Skip to content

4 Sawmill

© Julia Nurit Schönnagel, MATH+

© Julia Nurit Schönnagel, MATH+

Author: Hennie ter Morsche (TU Eindhoven)
Project: 4TU.AMI

Challenge

The sawing elves Zick and Zack are working in the sawmill of Santa Clause. In the morning, they receive four wooden square-shaped panels, each of dimensions 4 m × 4 m, and a work schedule. To fulfil their tasks, Zick and Zack always make use of a magic blade that has zero width.
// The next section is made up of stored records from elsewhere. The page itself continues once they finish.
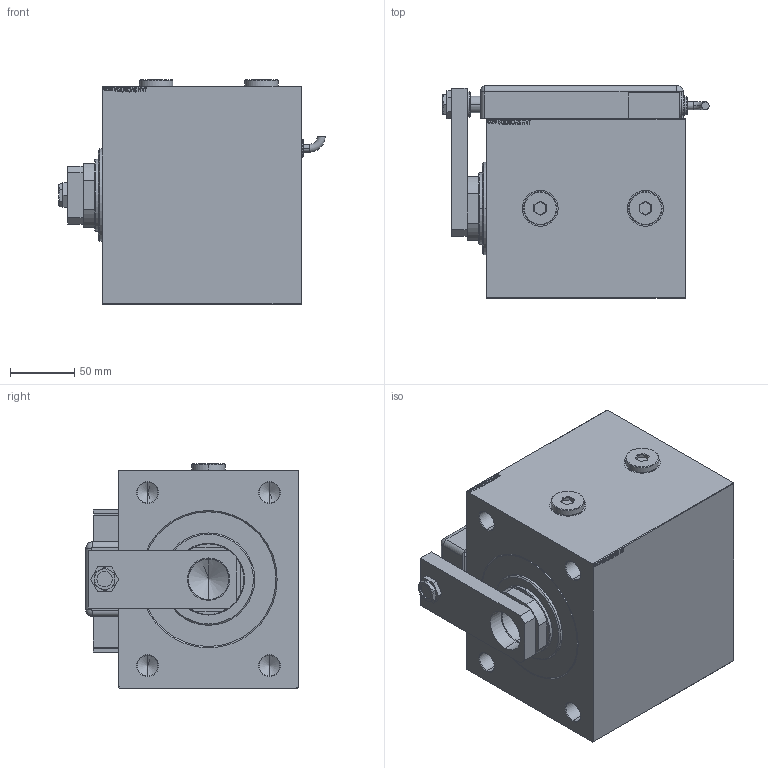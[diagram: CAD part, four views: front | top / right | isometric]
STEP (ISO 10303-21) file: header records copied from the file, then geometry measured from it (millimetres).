
FILE_DESCRIPTION (( 'STEP AP203' ), '1' );
FILE_NAME ('f5ca.STEP', '2025-04-15T18:36:34', ( '' ), ( '' ), 'SwSTEP 2.0', 'SolidWorks 2019', '' );
FILE_SCHEMA (( 'CONFIG_CONTROL_DESIGN' ));
Length unit declared in the file: millimetre
Products named in the file (14): V450CM_VC_B 0b62678bcfe4f865ff60b27f9ff2865f; ZARAZKA_Q 0b62678bcfe4f865ff60b27f9ff2865f; NUT_D13 0b62678bcfe4f865ff60b27f9ff2865f; f5ca; SWITCH DIM A_G 0b62678bcfe4f865ff60b27f9ff2865f; SWITCH Q 0b62678bcfe4f865ff60b27f9ff2865f; SWITCH_Q_FRONT_BACK 0b62678bcfe4f865ff60b27f9ff2865f; NUT_D19 0b62678bcfe4f865ff60b27f9ff2865f; MAGNETIC SWITCH Q 0b62678bcfe4f865ff60b27f9ff2865f; TYC 0b62678bcfe4f865ff60b27f9ff2865f; KRYT 0b62678bcfe4f865ff60b27f9ff2865f; V450CM_B_VCP 0b62678bcfe4f865ff60b27f9ff2865f; Zatka_OIL_PORT 0b62678bcfe4f865ff60b27f9ff2865f; V450CM_B_Body 0b62678bcfe4f865ff60b27f9ff2865f
Assembly tree (15 placements, depth 3):
  f5ca
    V450CM_B_Body 0b62678bcfe4f865ff60b27f9ff2865f
    V450CM_B_VCP 0b62678bcfe4f865ff60b27f9ff2865f
    V450CM_VC_B 0b62678bcfe4f865ff60b27f9ff2865f
    MAGNETIC SWITCH Q 0b62678bcfe4f865ff60b27f9ff2865f
      SWITCH_Q_FRONT_BACK 0b62678bcfe4f865ff60b27f9ff2865f
      TYC 0b62678bcfe4f865ff60b27f9ff2865f
      ZARAZKA_Q 0b62678bcfe4f865ff60b27f9ff2865f
      SWITCH DIM A_G 0b62678bcfe4f865ff60b27f9ff2865f
      NUT_D19 0b62678bcfe4f865ff60b27f9ff2865f
      NUT_D13 0b62678bcfe4f865ff60b27f9ff2865f
      KRYT 0b62678bcfe4f865ff60b27f9ff2865f
      SWITCH Q 0b62678bcfe4f865ff60b27f9ff2865f  x2
    Zatka_OIL_PORT 0b62678bcfe4f865ff60b27f9ff2865f  x2
Bounding box: 207.66 x 165.8 x 174.9 mm (x, y, z)
Volume: 3560288.8 mm3; surface area: 355248.5 mm2
Topology: 15 solids, 15 shells, 1316 faces, 3320 edges, 2167 vertices
Faces by surface type: plane 640, bspline 471, cylinder 123, cone 58, torus 22, sphere 2
Entity records: 61322 total; most frequent: CARTESIAN_POINT 32556, ORIENTED_EDGE 6332, DIRECTION 4100, EDGE_CURVE 3166, VERTEX_POINT 2083, LINE 1898, VECTOR 1898, EDGE_LOOP 1429

  • Part A of their work schedule asks them to cut the first panel into four congruent quadrilaterals such that each quadrilateral has a circumcircle of diameter \sqrt{8} m.
  • Part B asks them to cut the second panel into four congruent quadrilaterals such that each quadrilateral has a circumcircle of diameter \sqrt{10} m.
  • Part C asks them to cut the third panel into four congruent quadrilaterals such that each quadrilateral has a circumcircle of diameter \sqrt{12} m.
  • Part D asks them to cut the fourth panel into four congruent quadrilaterals such that each quadrilateral has a circumcircle of diameter \sqrt{17} m.

 

Zick scratches his head and complains, “This work schedule is extremely imprecise. It does not tell us the exact shape of these congruent quadrilaterals.”
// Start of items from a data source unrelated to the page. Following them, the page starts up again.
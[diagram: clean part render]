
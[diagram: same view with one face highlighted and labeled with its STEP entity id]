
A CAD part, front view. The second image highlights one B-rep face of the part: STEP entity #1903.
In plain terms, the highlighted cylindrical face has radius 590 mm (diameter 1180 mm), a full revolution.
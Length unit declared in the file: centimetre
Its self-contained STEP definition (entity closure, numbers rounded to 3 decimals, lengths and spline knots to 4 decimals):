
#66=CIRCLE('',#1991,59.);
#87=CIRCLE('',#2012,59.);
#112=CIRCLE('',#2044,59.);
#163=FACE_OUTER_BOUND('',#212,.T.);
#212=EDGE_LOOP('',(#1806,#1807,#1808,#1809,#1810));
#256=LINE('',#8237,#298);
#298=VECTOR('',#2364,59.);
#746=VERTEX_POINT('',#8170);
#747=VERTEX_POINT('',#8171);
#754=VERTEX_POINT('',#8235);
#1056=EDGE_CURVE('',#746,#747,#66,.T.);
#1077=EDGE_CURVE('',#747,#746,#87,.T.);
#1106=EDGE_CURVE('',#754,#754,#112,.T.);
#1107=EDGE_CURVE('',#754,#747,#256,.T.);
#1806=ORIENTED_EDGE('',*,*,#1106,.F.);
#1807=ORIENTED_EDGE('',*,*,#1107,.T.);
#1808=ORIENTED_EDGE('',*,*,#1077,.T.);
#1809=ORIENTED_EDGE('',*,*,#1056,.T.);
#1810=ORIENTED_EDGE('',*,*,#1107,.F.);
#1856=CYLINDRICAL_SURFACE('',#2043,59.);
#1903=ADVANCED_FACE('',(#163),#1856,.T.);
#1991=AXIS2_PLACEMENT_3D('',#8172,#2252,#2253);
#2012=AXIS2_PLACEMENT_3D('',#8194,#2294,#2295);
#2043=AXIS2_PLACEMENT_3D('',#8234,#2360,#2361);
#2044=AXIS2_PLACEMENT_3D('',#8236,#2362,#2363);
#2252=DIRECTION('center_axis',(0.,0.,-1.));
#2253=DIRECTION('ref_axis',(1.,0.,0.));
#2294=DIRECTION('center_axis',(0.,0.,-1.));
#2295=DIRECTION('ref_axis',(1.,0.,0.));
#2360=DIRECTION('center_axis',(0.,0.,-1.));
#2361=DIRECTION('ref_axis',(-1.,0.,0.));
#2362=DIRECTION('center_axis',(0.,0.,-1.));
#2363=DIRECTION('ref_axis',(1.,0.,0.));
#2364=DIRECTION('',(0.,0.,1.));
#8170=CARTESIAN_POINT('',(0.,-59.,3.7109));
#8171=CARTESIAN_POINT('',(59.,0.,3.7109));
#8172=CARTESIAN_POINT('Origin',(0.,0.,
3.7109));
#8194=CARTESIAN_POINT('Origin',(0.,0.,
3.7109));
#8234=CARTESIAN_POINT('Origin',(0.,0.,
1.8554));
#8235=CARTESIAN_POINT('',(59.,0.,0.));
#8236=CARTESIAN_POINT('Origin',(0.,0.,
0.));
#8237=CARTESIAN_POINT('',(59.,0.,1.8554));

Zack also scratches his head and laments, “Perhaps our central administration has once again given us on an impossible task. This has happened before!”
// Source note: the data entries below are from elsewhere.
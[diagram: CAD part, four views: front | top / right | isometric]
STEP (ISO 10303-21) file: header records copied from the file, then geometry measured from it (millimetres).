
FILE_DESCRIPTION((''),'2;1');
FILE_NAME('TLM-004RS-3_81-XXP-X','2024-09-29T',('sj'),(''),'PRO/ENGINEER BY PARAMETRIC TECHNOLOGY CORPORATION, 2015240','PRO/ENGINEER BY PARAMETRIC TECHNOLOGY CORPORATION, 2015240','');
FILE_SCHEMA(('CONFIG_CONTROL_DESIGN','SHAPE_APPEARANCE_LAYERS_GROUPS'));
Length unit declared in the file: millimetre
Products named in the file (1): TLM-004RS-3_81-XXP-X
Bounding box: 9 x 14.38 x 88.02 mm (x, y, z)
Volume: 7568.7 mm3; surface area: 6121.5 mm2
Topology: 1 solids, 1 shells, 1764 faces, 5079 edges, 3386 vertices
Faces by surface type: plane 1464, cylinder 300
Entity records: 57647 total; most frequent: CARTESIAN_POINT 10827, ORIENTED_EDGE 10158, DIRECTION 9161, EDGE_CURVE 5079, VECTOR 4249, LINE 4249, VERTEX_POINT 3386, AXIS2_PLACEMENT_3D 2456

Can you help Zick and Zack?

Possible answers:

  1.  Only parts A and B of the work schedule are feasible.
  2.  Only parts A and C of the work schedule are feasible.
  3.  Only parts A and D of the work schedule are feasible.
  4.  Only parts B and C of the work schedule are feasible.
  5.  Only parts B and D of the work schedule are feasible.
  6.  Only parts A, B, and C of the work schedule are feasible.
  7.  Only parts A, B, and D of the work schedule are feasible.
  8.  Only parts A, C, and D of the work schedule are feasible.
  9.  Only parts B, C, and D of the work schedule are feasible.
  10.  All four parts of the work schedule are feasible.